Nous sommes à la mi-janvier
et la vie reprend dans la privation de tout. Les maisons manquent de carreaux ; pour notre compte 360 grands carreaux font défaut ; les radiateurs ont sauté, les conduites sont crevées, les plafonds s’effondrent de tous côtés ; nous sommes sans feu, sans eau et sans lumière. Notre Seigneur n’est plus à l’abri dans la désolation d’une chapelle sans vitraux, le vin gèle dans les calices ; les chambres sont des glacières ; il n’y a plus que la cuisine pour nous réchauffer et nous abriter. Toute la vie se concentre là, avec le sourire et la bonté de nos braves sœurs comme baume sur nos blessures. C’est dans cette cuisine accueillante que nous avons l’honneur de recevoir la visite des plus hautes autorités du pays venant visiter les caves qui ont sauvé la vie à toute une population. C’est là que d’émouvantes scènes ont uni l’Alumnat aux familles de nos grands morts de Bure, Monsieur Renkin et Monsieur le Comte de Villermont dont nos murs ont eu la fierté de garder leurs dépouilles glorieuses jusqu’au jour de leur inhumation.

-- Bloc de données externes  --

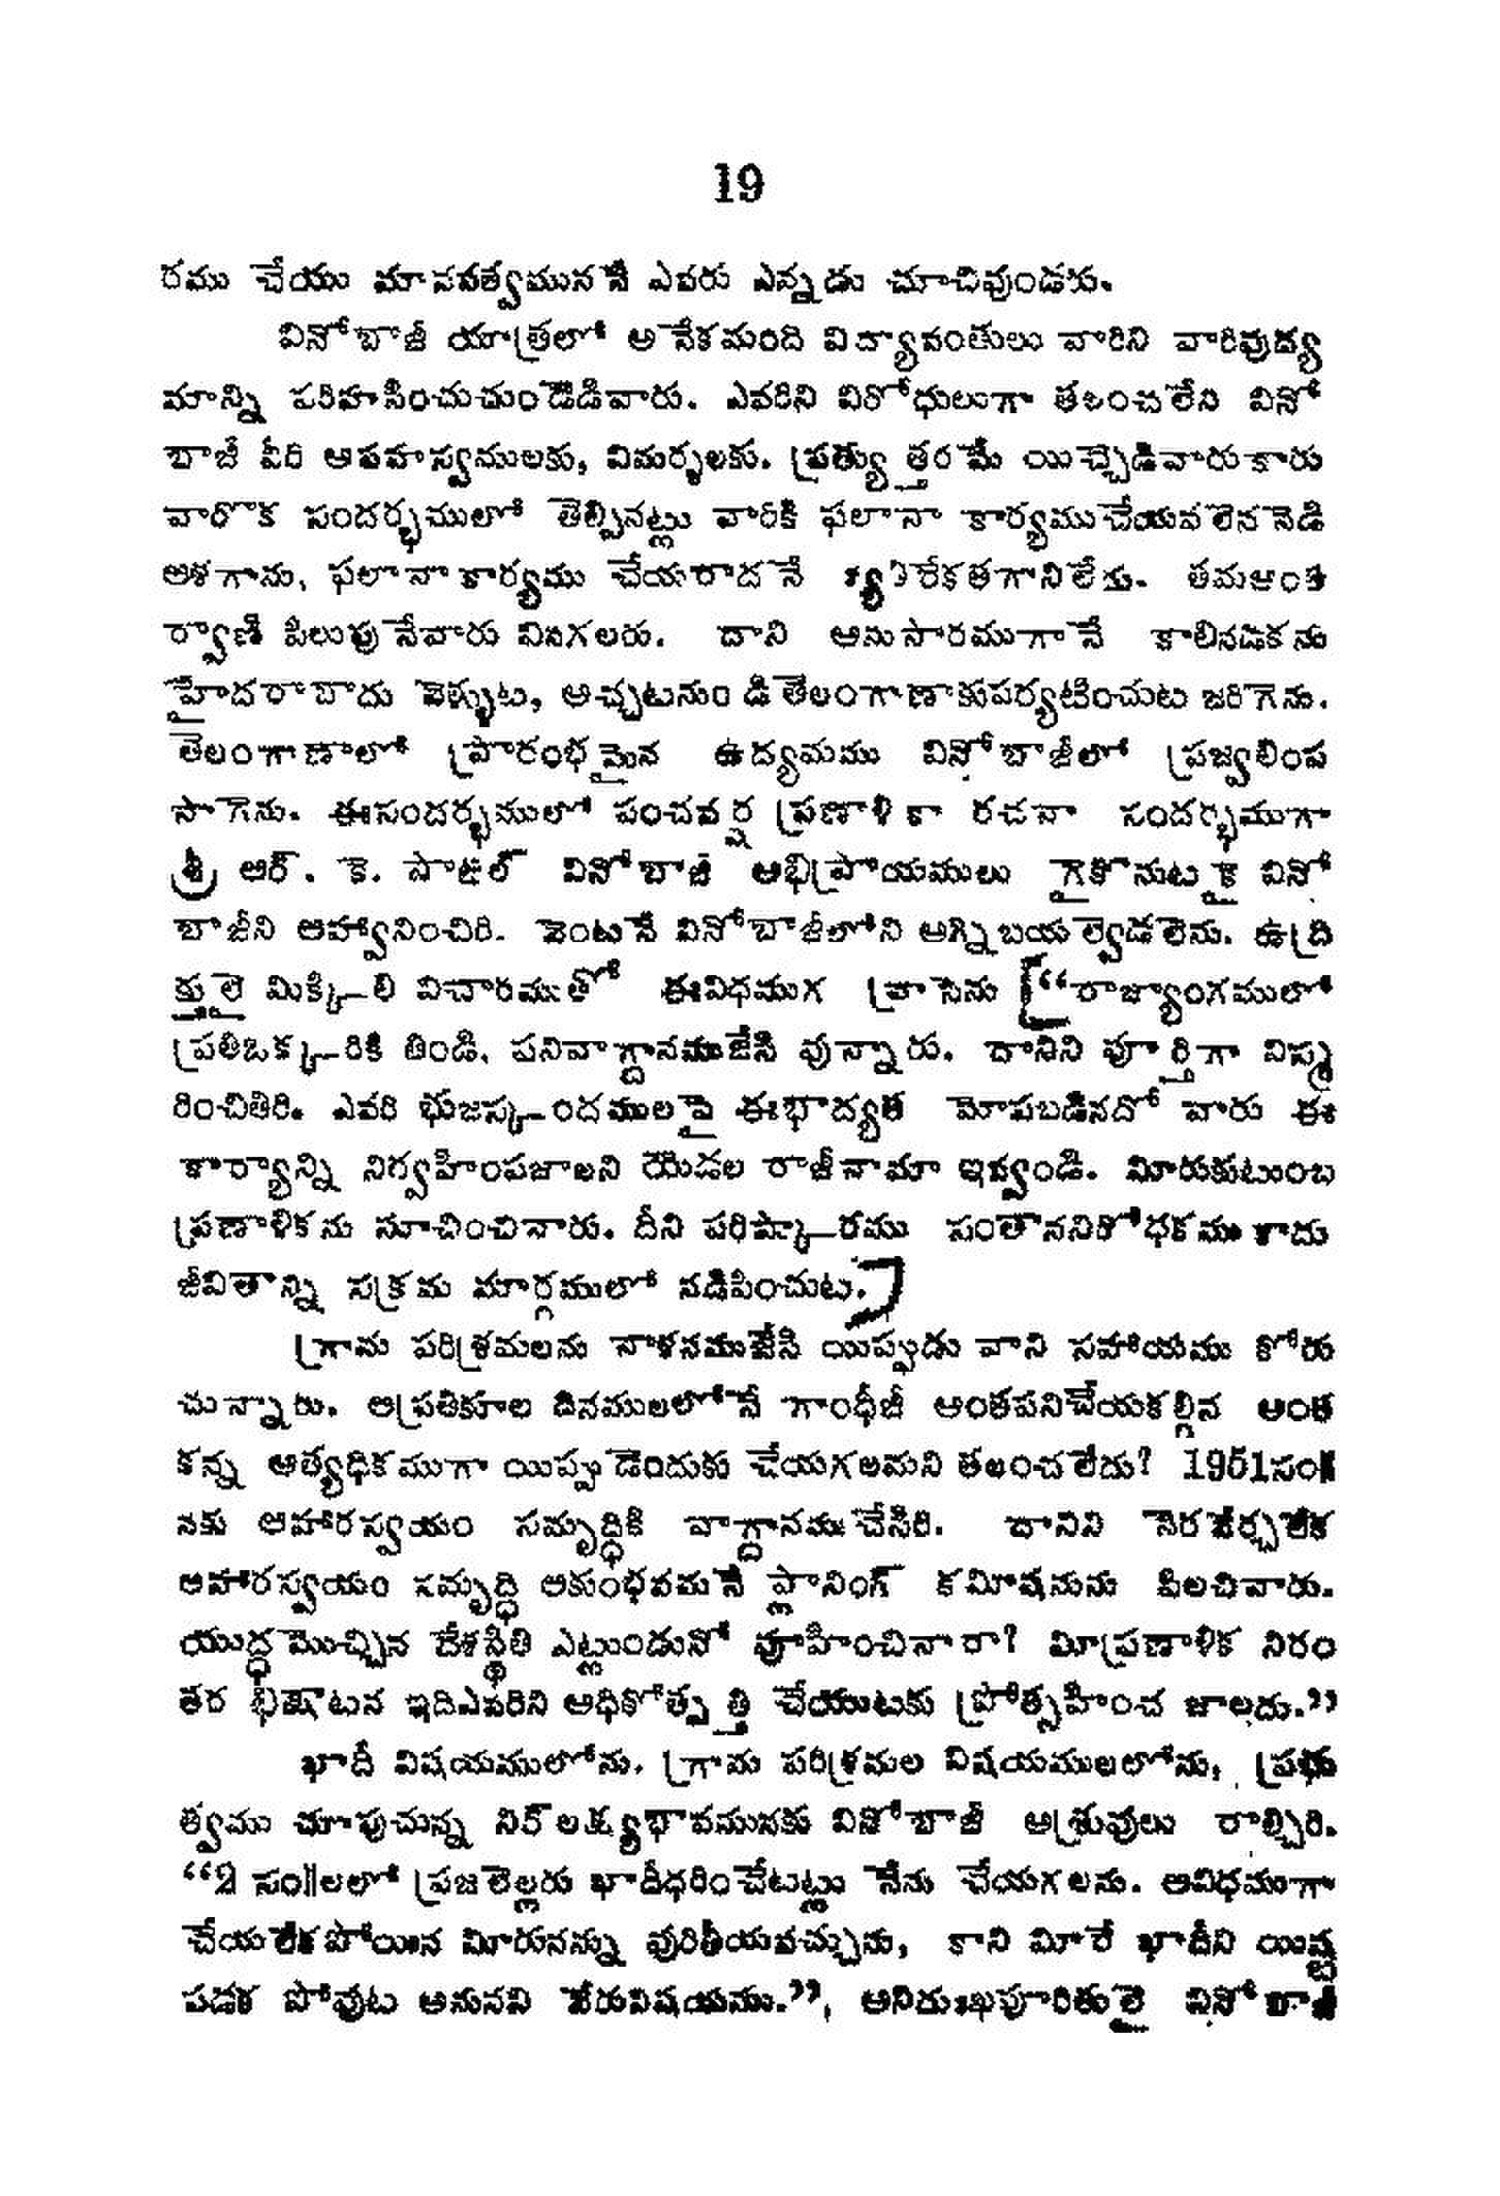రము చేయు మానవత్వముననే ఎవరు ఎన్నడు చూచివుండరు.

వినోబాజీ యాత్రలో అనేకమంది విద్యావంతులు వారిని వారివుద్యమాన్ని పరిహసించుచుండెడివారు. ఎవరిని విరోధులుగా తలంచలేని వినోబాజీ వీరి అపహస్యములకు, విమర్శలకు. ప్రత్యుత్తరమే యిచ్చెడివారు కారు వారొక సందర్భములో తెల్పినట్లు వారికి ఫలానా కార్యముచేయవలెననెడి ఆశగాను, ఫలానాకార్యము చేయరాదనే వ్యతిరేకతగానిలేదు. తమఅంతర్వాణి పిలుపునేవారు వినగలరు. దాని అనుసారముగానే కాలినడకను హైదరాబాదు వెళ్ళుట, అచ్చటనుండి తెలంగాణాకుపర్యటించుట జరిగెను. తెలంగాణలో ప్రారంభమైన ఉద్యమము వినోబాజీలో ప్రజ్వలింప సాగెను. ఈసందర్భములో పంచవర్ష ప్రణాళికా రచనా సందర్భముగా శ్రీ ఆర్. కె. పాటిల్ వినోబాజీ అభిప్రాయములు గైకొనుటకై వినోబాజీని ఆహ్వానించిరి. వెంటనే వినోబాజీలోని అగ్నిబయల్వెడలెను. ఉద్రిక్తులై మిక్కిలి విచారముతో ఈవిధముగ వ్రాసెను ["రాజ్యాంగములో ప్రతిఒక్కరికి తిండి, పనివాగ్దానముజేసి వున్నారు. దానిని పూర్తిగా విస్మరించితిరి. ఎవరి భుజస్కందముల పై ఈభాద్యత మోపబడినదో వారు ఈ కార్యాన్ని నిర్వహింపజాలని యెడల రాజీనామా ఇవ్వండి. మీరుకుటుంబ ప్రణాళికను సూచించినారు. దీని పరిష్కారము సంతాననిరోధకము కాదు జీవితాన్ని సక్రమ మార్గములో నడిపించుట.]

గ్రామ పరిశ్రమలను నాశనముజేసి యిప్పుడు వాని సహాయము కోరుచున్నారు. ఆప్రతికూల దినములలోనే గాంధీజీ అంతపనిచేయకల్గిన అంతకన్న అత్యధికముగా యిప్పుడెందుకు చేయగలమని తలంచలేదు? 1951 సం|| సకు ఆహారస్వయం సమృద్ధికి వాగ్దానము చేసిరి. దానిని నెరవేర్చలేక ఆహారస్వయం సమృద్ధి అకుంభవమనే ప్లానింగ్ కమీషసును పిలచివారు. యుద్దమొచ్చిన దేశస్థితి ఎట్లుండునో పూహించినారా? మీప్రణాళిక నిరంతర భిక్షాటన ఇదిఎవరిని అధికోత్పత్తి చేయుటకు ప్రోత్సహించ జాలదు."

ఖాదీ విషయములోను. గ్రామ పరిశ్రమల విషయములలోను, , ప్రభుత్వము చూపుచున్న నిర్‌లక్ష్యభావమునకు వినోబాజీ ఆశ్రువులు రాల్చిరి. "2 సం||లలో ప్రజలెల్లరు ఖాదీదరించేటట్లు నేను చేయగలను. ఆవిధముగా చేయలేకపోయిన మీరునన్ను వురితీయవచ్చును, కాని మీరే ఖాదీని యిష్టపడక పోవుట అనునని వేరువిషయము.”, అనిదుఃఖపూరితులై వినోబాజీ

Mais eux sont morts pour que la Belgique vive et ressuscite,
c’est la grande leçon qu’ils nous donnent. Il ne sert de rien de geindre et de gémir ; constatons les dégâts et au travail. Les âmes attendent des chefs, des prêtres capables, l’Alumnat ne peut pas chômer et bientôt, malgré la neige et le froid, la maison se transforme en chantier, les Pères en artisans et grâce à quelques amis les brèches des toits se colmatent, les fenêtres retrouvent leurs yeux, les matelas se piquent, la maison fait sa toilette et Pâques apportent avec son beau soleil une résurrection inespérée. Et on put bientôt songer à fixer la rentrée au 9 avril. Tout n’est pas parfait et la nuit plus d’un alumniste se réveille en proie au cauchemar provoqué par les trous béants dans le plafond, mais la pluie et le vent n’y entrent pas et c’est le principal. Il a fallu revenir au système des corvées eau du début de la fondation ; le Père Économe me traite parfois de téméraire quand il voit le trou de sa caisse. Mais les alumnistes sont tous revenus avec même quelques nouveaux, ils sont quatre-vingt-six, cela donne de la vie, de la joie, de l’entrain, du travail, de l’ardeur, de la piété et Dieu qui donne aux petits des oiseaux la pâture aura soin de ceux qui se confient en sa Providence.